Problematisch bleibt dann aber, dass die Gentechnik-Forschung vor allem in der Hand einiger weniger multinationaler Konzerne konzentriert ist. Universitäten und öffentlich finanzierte Forschungsinstitute müssten hier ein größeres Gegengewicht setzen. In jedem Fall täte die Industrie gut daran, bescheidener aufzutreten. Vollmundige Heilsversprechen machen skeptisch und verhindern eine ehrliche Auseinandersetzung mit Chancen und Risiken. Doch auch Umwelt- und Entwicklungsorganisationen könnten sich offener zeigen und ideologische Vorbehalte zurückstellen.

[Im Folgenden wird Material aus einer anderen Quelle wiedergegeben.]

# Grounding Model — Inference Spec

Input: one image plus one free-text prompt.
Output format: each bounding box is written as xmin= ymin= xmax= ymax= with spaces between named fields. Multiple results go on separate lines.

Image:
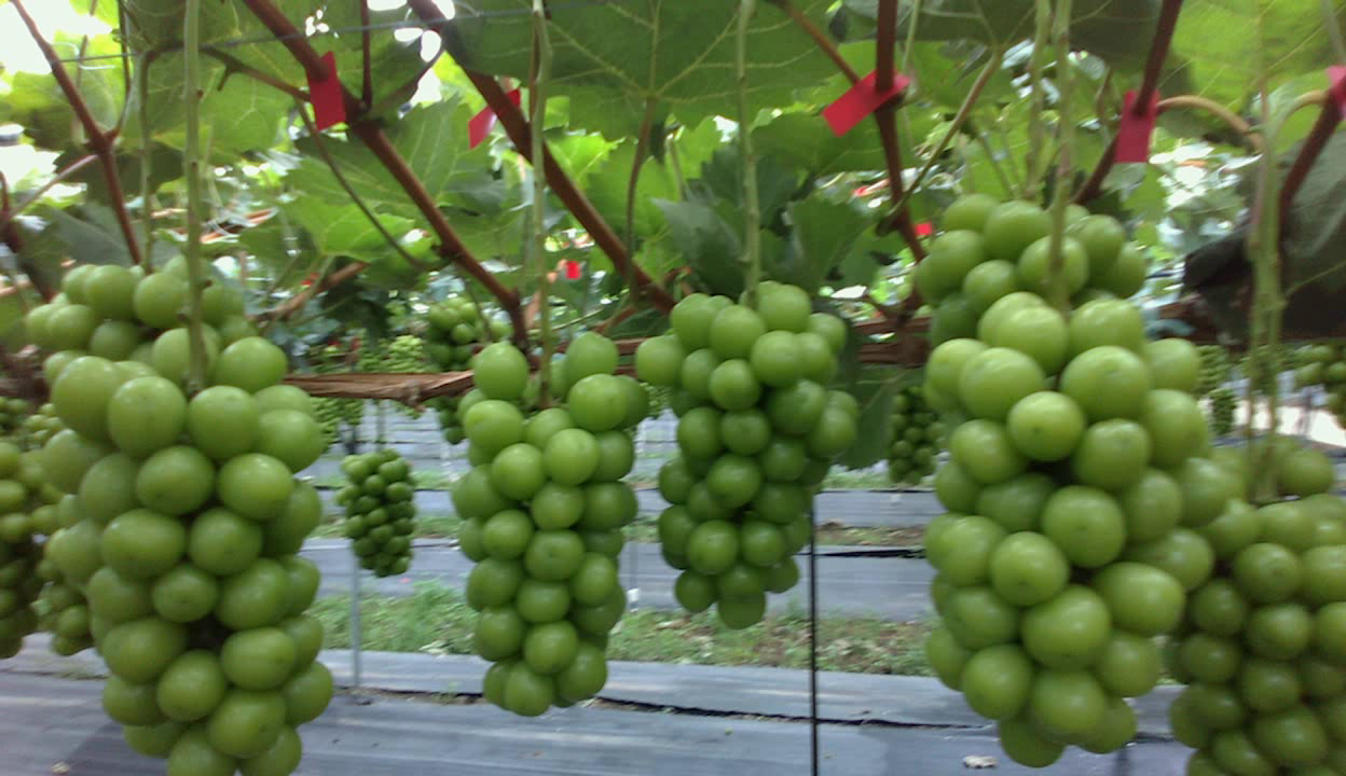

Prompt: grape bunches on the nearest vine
xmin=452 ymin=331 xmax=649 ymax=717
xmin=1164 ymin=436 xmax=1344 ymax=775
xmin=633 ymin=279 xmax=862 ymax=630
xmin=41 ymin=324 xmax=333 ymax=775
xmin=912 ymin=193 xmax=1228 ymax=770
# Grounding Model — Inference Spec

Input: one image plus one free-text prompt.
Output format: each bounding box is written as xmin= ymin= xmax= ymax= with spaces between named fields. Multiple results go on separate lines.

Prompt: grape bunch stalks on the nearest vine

Die Grüne Gentechnik darf nicht isoliert als Wunderwaffe betrachtet werden. Sie wird schließlich in ökologischen und sozialen Systemen eingesetzt, die schnell aus dem Gleichgewicht geraten können. Es müssen bessere Mechanismen zur Bewertung und Darstellung ihrer Risiken entwickelt werden, die Konsumenten und Produzenten eine freie Entscheidung erlauben. Dennoch besteht immerhin die Möglichkeit, dass Biotechnologie, wenn sie an örtliche Gegebenheiten angepasst und unter Beteiligung der Betroffenen entwickelt und angewendet wird, einen Beitrag zur Ernährungssicherheit leisten kann - oder auch nicht. Das zu erkunden, sollte einen Versuch wert sein.

Gesine Wolfinger
ist Redakteurin bei welt-sichten.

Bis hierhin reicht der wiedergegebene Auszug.